** TASK INSTRUCTIONS **
Once you find the line containing "-19 477 -30" in the data below, copy it and each following line exactly, up to and including the line containing "-1026 -59 -289", and nothing else.

EXTRACTED DATA section start

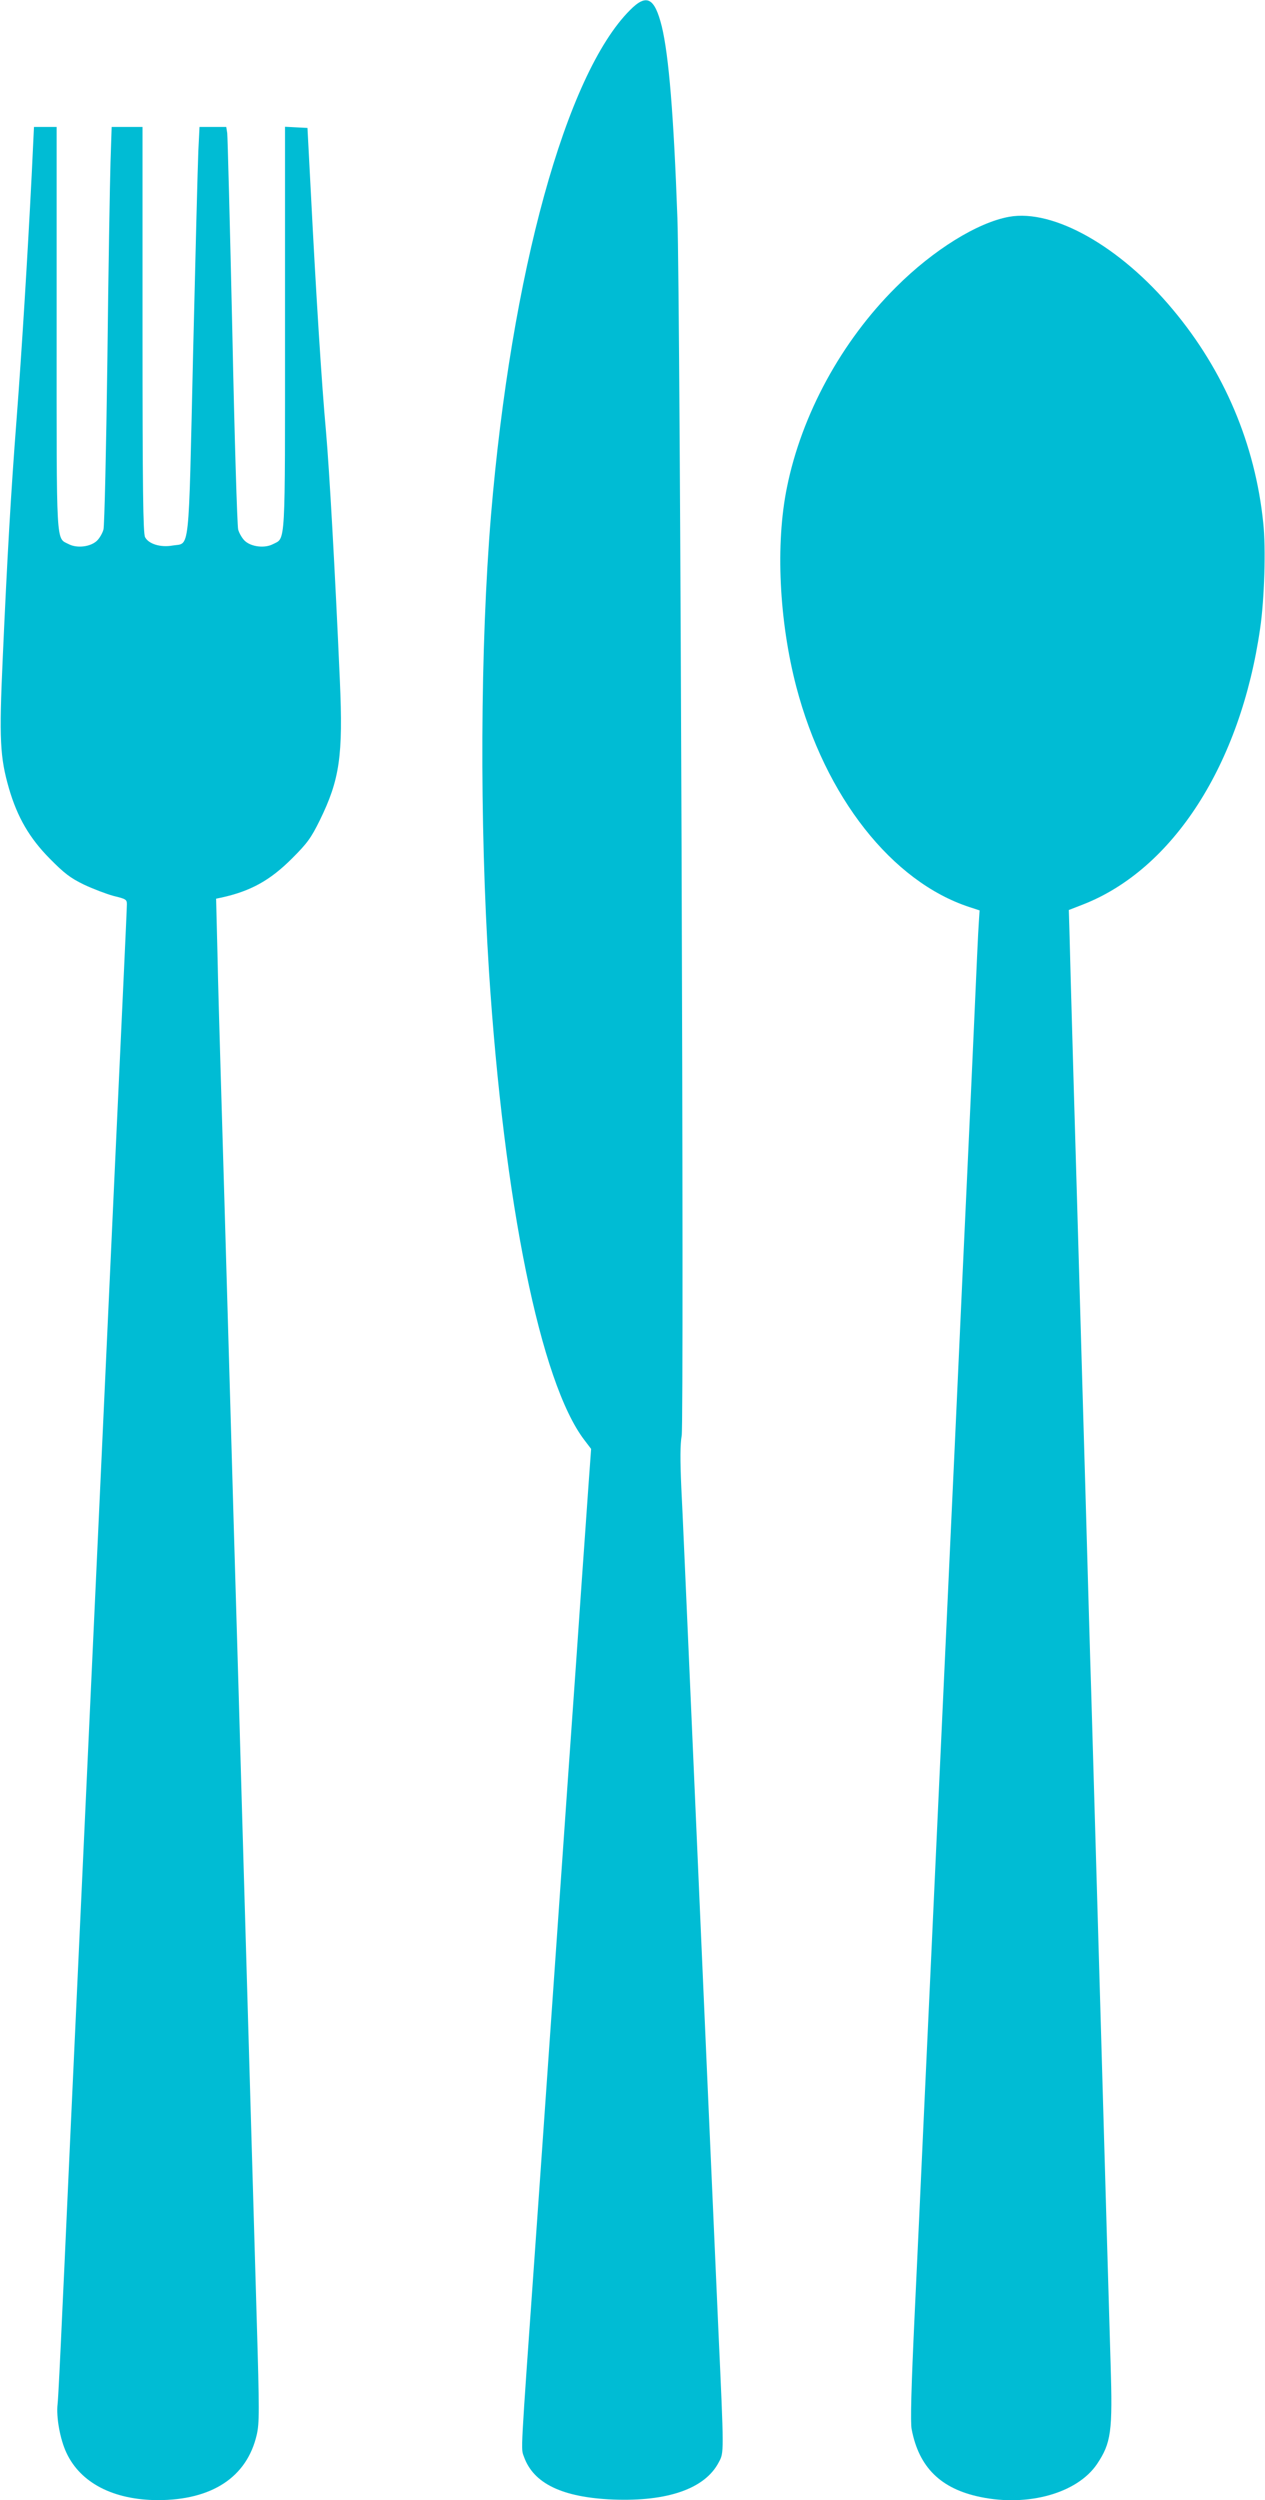 <?xml version="1.0" standalone="no"?>
<!DOCTYPE svg PUBLIC "-//W3C//DTD SVG 20010904//EN"
 "http://www.w3.org/TR/2001/REC-SVG-20010904/DTD/svg10.dtd">
<svg version="1.0" xmlns="http://www.w3.org/2000/svg"
 width="648pt" height="1280pt" viewBox="0 0 648 1280"
 preserveAspectRatio="xMidYMid meet">
<g transform="translate(0,1280) scale(0.1,-0.1)"
fill="#00bcd4" stroke="none">
<path d="M3227 12748 c-328 -328 -608 -1345 -712 -2588 -55 -669 -59 -1565
-10 -2335 77 -1182 264 -2103 488 -2397 l35 -46 -14 -194 c-7 -106 -23 -323
-34 -483 -11 -159 -42 -609 -70 -1000 -27 -390 -72 -1036 -100 -1435 -28 -399
-59 -849 -70 -1000 -75 -1062 -72 -1003 -56 -1048 49 -137 196 -208 456 -219
281 -11 472 56 542 191 27 50 27 41 -2 676 -32 727 -71 1603 -150 3420 -17
382 -34 785 -40 895 -6 139 -6 220 2 265 13 77 -7 5827 -22 6235 -19 528 -44
831 -80 980 -37 148 -78 169 -163 83z"/>
<path d="M162 11898 c-21 -416 -51 -903 -77 -1243 -29 -376 -48 -708 -71
-1225 -19 -417 -14 -507 32 -667 43 -147 105 -254 209 -359 74 -75 105 -99
175 -133 47 -22 115 -48 152 -58 62 -15 68 -18 68 -42 0 -14 -7 -168 -15 -341
-8 -173 -26 -562 -40 -865 -14 -302 -34 -743 -45 -980 -11 -236 -31 -677 -45
-980 -14 -302 -34 -741 -45 -975 -11 -234 -33 -722 -50 -1085 -17 -363 -39
-851 -50 -1085 -11 -234 -28 -627 -40 -875 -11 -247 -22 -469 -25 -493 -8 -67
13 -181 45 -249 72 -155 241 -242 468 -243 278 0 457 118 507 334 14 61 14
117 0 594 -34 1174 -51 1763 -75 2592 -11 382 -24 850 -30 1040 -6 190 -19
658 -30 1040 -27 941 -39 1347 -50 1720 -5 173 -13 442 -16 597 l-7 282 29 6
c149 33 248 88 360 200 78 78 97 104 142 195 102 208 120 331 103 714 -25 570
-54 1082 -71 1276 -22 240 -51 701 -78 1230 l-17 325 -58 3 -57 3 0 -1031 c0
-1136 4 -1072 -62 -1106 -42 -22 -111 -14 -144 17 -13 12 -29 39 -34 58 -5 20
-19 477 -30 1016 -12 539 -24 995 -26 1013 l-5 32 -68 0 -69 0 -6 -122 c-3
-68 -15 -537 -27 -1043 -24 -1043 -15 -963 -105 -978 -62 -11 -123 8 -141 43
-10 20 -13 247 -13 1063 l0 1037 -79 0 -79 0 -6 -182 c-3 -101 -11 -556 -16
-1013 -6 -456 -15 -846 -20 -866 -5 -19 -21 -46 -34 -58 -33 -31 -102 -39
-144 -17 -66 34 -62 -30 -62 1106 l0 1030 -58 0 -58 0 -12 -252z"/>
<path d="M5169 11690 c-161 -29 -388 -169 -579 -360 -280 -278 -484 -653 -559
-1026 -59 -289 -40 -683 48 -1020 148 -564 490 -998 887 -1128 l52 -17 -4 -62
c-3 -34 -13 -264 -24 -512 -11 -247 -29 -641 -40 -875 -11 -234 -29 -625 -40
-870 -11 -245 -29 -636 -40 -870 -11 -234 -33 -722 -50 -1085 -17 -363 -39
-851 -50 -1085 -11 -234 -29 -623 -40 -865 -11 -242 -31 -679 -45 -972 -17
-364 -22 -547 -15 -580 37 -195 149 -305 352 -347 246 -51 496 20 597 168 73
109 81 166 70 516 -11 364 -24 829 -49 1700 -19 657 -27 942 -50 1730 -6 184
-19 652 -30 1040 -11 388 -25 856 -30 1040 -5 184 -19 650 -30 1035 -11 385
-21 744 -22 798 l-3 98 72 28 c462 180 808 718 908 1413 22 148 30 413 16 541
-41 402 -200 778 -463 1092 -268 322 -611 516 -839 475z"/>
</g>
</svg>

EXTRACTED DATA section end

** RESPONSE AREA **
-19 477 -30 1016 -12 539 -24 995 -26 1013 l-5 32 -68 0 -69 0 -6 -122 c-3
-68 -15 -537 -27 -1043 -24 -1043 -15 -963 -105 -978 -62 -11 -123 8 -141 43
-10 20 -13 247 -13 1063 l0 1037 -79 0 -79 0 -6 -182 c-3 -101 -11 -556 -16
-1013 -6 -456 -15 -846 -20 -866 -5 -19 -21 -46 -34 -58 -33 -31 -102 -39
-144 -17 -66 34 -62 -30 -62 1106 l0 1030 -58 0 -58 0 -12 -252z"/>
<path d="M5169 11690 c-161 -29 -388 -169 -579 -360 -280 -278 -484 -653 -559
-1026 -59 -289 -40 -683 48 -1020 148 -564 490 -998 887 -1128 l52 -17 -4 -62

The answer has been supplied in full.